**How to complete this task:** Please give back only the lines below from the one containing "56.417C38.675 54.355 34.136" to the one containing "40.04C48.764 39.644 55.05", each repeated word for word, both ends included.

[Stored data]
++++++++++++++++++++
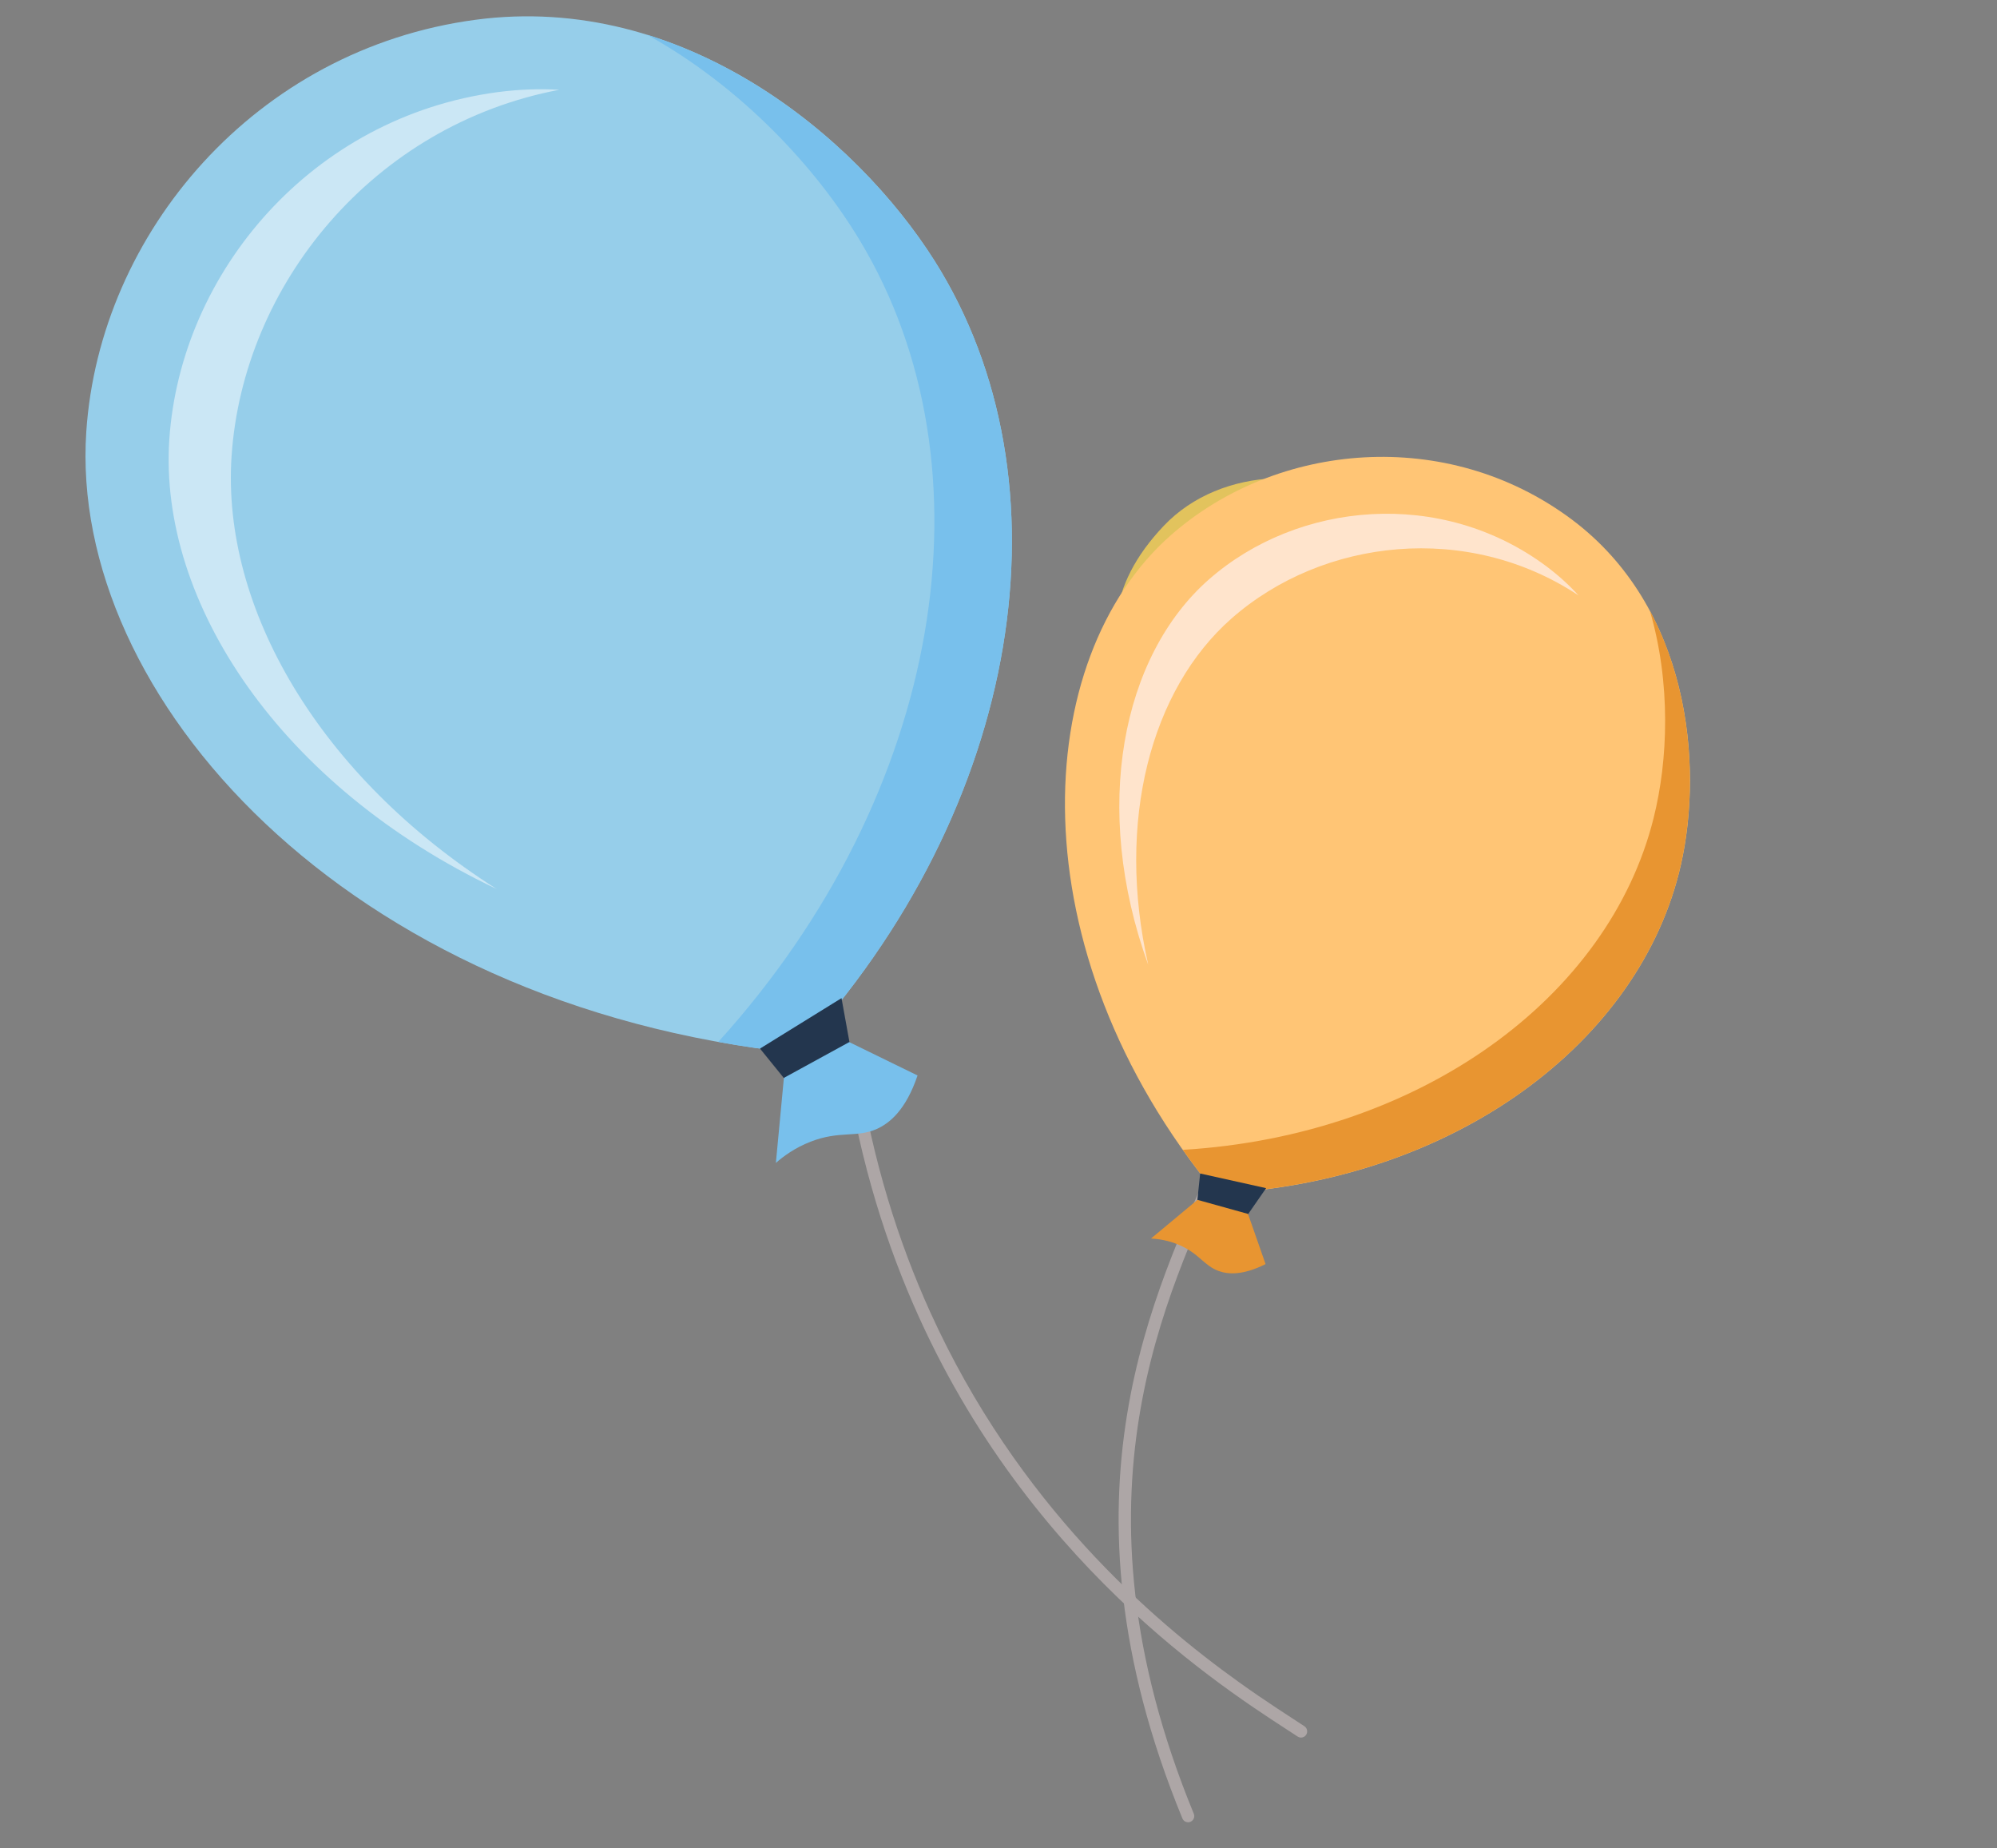 <svg width="67" height="62" viewBox="0 0 67 62" fill="none" xmlns="http://www.w3.org/2000/svg">
<rect x="0" y="0" width="67" height="62" fill="#808080" stroke="none"/>
<g clip-path="url(#clip0_509_78)">
<path d="M41.023 39.155C41.067 39.05 41.018 38.928 40.913 38.883C40.809 38.838 40.687 38.888 40.642 38.993C39.76 41.08 38.392 43.859 37.809 47.477C37.225 51.095 37.43 55.554 39.67 60.997C39.713 61.103 39.834 61.154 39.94 61.109C40.045 61.066 40.096 60.944 40.052 60.839C37.841 55.46 37.646 51.093 38.218 47.543C38.79 43.993 40.133 41.26 41.023 39.155Z" fill="#ADA6A6"/>
<path d="M41.555 56.417C38.675 54.355 34.136 50.47 31.207 44.007C30.138 41.646 29.282 38.942 28.8 35.855C28.783 35.742 28.677 35.664 28.564 35.682C28.452 35.7 28.374 35.805 28.392 35.919C28.88 39.044 29.746 41.786 30.831 44.179C32.811 48.549 35.517 51.755 37.963 54.025C39.186 55.16 40.344 56.061 41.315 56.756C42.285 57.451 43.069 57.942 43.536 58.25C43.632 58.313 43.759 58.287 43.822 58.191C43.885 58.096 43.859 57.967 43.763 57.904C43.288 57.589 42.514 57.105 41.555 56.417Z" fill="#ADA6A6"/>
<path d="M39.045 17.638C37.115 19.669 37.037 21.763 38.371 23.038C39.37 23.994 45.304 25.78 47.235 23.749C49.165 21.717 50.06 19.543 46.738 17.185C44.454 15.565 40.975 15.607 39.045 17.638Z" fill="#E2C35D"/>
<path d="M40.809 40.04C48.764 39.644 55.05 34.971 56.397 28.999C57.158 25.623 56.673 20.361 52.72 17.415C48.54 14.301 42.844 14.823 39.291 17.945C34.572 22.09 34.027 31.832 40.809 40.04Z" fill="#FFC575"/>
<path d="M56.395 28.999C55.05 34.97 48.763 39.642 40.808 40.038C40.406 39.552 40.034 39.067 39.685 38.57C47.65 38.092 53.977 33.462 55.478 27.445C55.967 25.496 56.065 22.925 55.355 20.486C56.846 23.274 56.931 26.611 56.395 28.999Z" fill="#E89531"/>
<path d="M52.958 19.971C49.251 17.512 44.392 18.044 41.318 20.746C38.613 23.125 37.432 27.555 38.525 32.368C36.614 27.1 37.641 22.006 40.554 19.441C43.55 16.81 48.356 16.369 51.881 18.995C52.279 19.294 52.642 19.621 52.958 19.971Z" fill="#FFE4CC"/>
<path d="M40.266 39.363L40.133 40.625L41.746 40.911L42.479 39.855L40.266 39.363Z" fill="#23364E"/>
<path d="M40.175 40.247C39.656 40.68 39.136 41.112 38.617 41.544C38.841 41.556 39.182 41.599 39.556 41.758C40.233 42.046 40.389 42.451 40.882 42.632C41.192 42.746 41.688 42.79 42.46 42.402C42.264 41.841 42.068 41.281 41.871 40.719C41.306 40.562 40.74 40.405 40.175 40.247Z" fill="#E89531"/>
<path d="M26.715 35.322C34.365 27.053 36.012 16.111 31.351 8.74C28.716 4.574 22.918 -0.268 15.948 0.664C8.578 1.649 3.341 7.81 2.895 14.481C2.302 23.34 11.575 33.731 26.715 35.322Z" fill="#96CEEA"/>
<path d="M31.352 8.745C36.012 16.113 34.364 27.056 26.715 35.325C25.817 35.23 24.952 35.108 24.099 34.95C31.674 26.59 33.406 15.651 28.857 8.081C27.385 5.627 24.891 2.93 21.714 1.166C26.034 2.51 29.486 5.8 31.352 8.745Z" fill="#78C0EC"/>
<path opacity="0.5" d="M18.764 3.012C12.533 4.192 8.154 9.536 7.769 15.308C7.432 20.389 10.704 26.035 16.664 29.821C9.418 26.384 5.319 20.217 5.68 14.743C6.058 9.121 10.475 3.922 16.69 3.091C17.394 2.999 18.091 2.971 18.764 3.012Z" fill="white"/>
<path d="M25.498 35.173L26.637 36.579L28.557 35.273L28.233 33.481L25.498 35.173Z" fill="#23364E"/>
<path d="M26.3 36.156C26.21 37.107 26.121 38.057 26.031 39.008C26.27 38.799 26.659 38.504 27.196 38.296C28.173 37.917 28.738 38.172 29.419 37.868C29.848 37.676 30.394 37.231 30.784 36.075C30.02 35.702 29.256 35.329 28.492 34.956C27.761 35.357 27.031 35.757 26.3 36.156Z" fill="#78C0EC"/>
</g>
<defs>
<clipPath id="clip0_509_78">
<rect width="67" height="62" fill="white"/>
</clipPath>
</defs>
</svg>
++++++++++++++++++++
**Output:**
<path d="M41.555 56.417C38.675 54.355 34.136 50.47 31.207 44.007C30.138 41.646 29.282 38.942 28.8 35.855C28.783 35.742 28.677 35.664 28.564 35.682C28.452 35.7 28.374 35.805 28.392 35.919C28.88 39.044 29.746 41.786 30.831 44.179C32.811 48.549 35.517 51.755 37.963 54.025C39.186 55.16 40.344 56.061 41.315 56.756C42.285 57.451 43.069 57.942 43.536 58.25C43.632 58.313 43.759 58.287 43.822 58.191C43.885 58.096 43.859 57.967 43.763 57.904C43.288 57.589 42.514 57.105 41.555 56.417Z" fill="#ADA6A6"/>
<path d="M39.045 17.638C37.115 19.669 37.037 21.763 38.371 23.038C39.37 23.994 45.304 25.78 47.235 23.749C49.165 21.717 50.06 19.543 46.738 17.185C44.454 15.565 40.975 15.607 39.045 17.638Z" fill="#E2C35D"/>
<path d="M40.809 40.04C48.764 39.644 55.05 34.971 56.397 28.999C57.158 25.623 56.673 20.361 52.72 17.415C48.54 14.301 42.844 14.823 39.291 17.945C34.572 22.09 34.027 31.832 40.809 40.04Z" fill="#FFC575"/>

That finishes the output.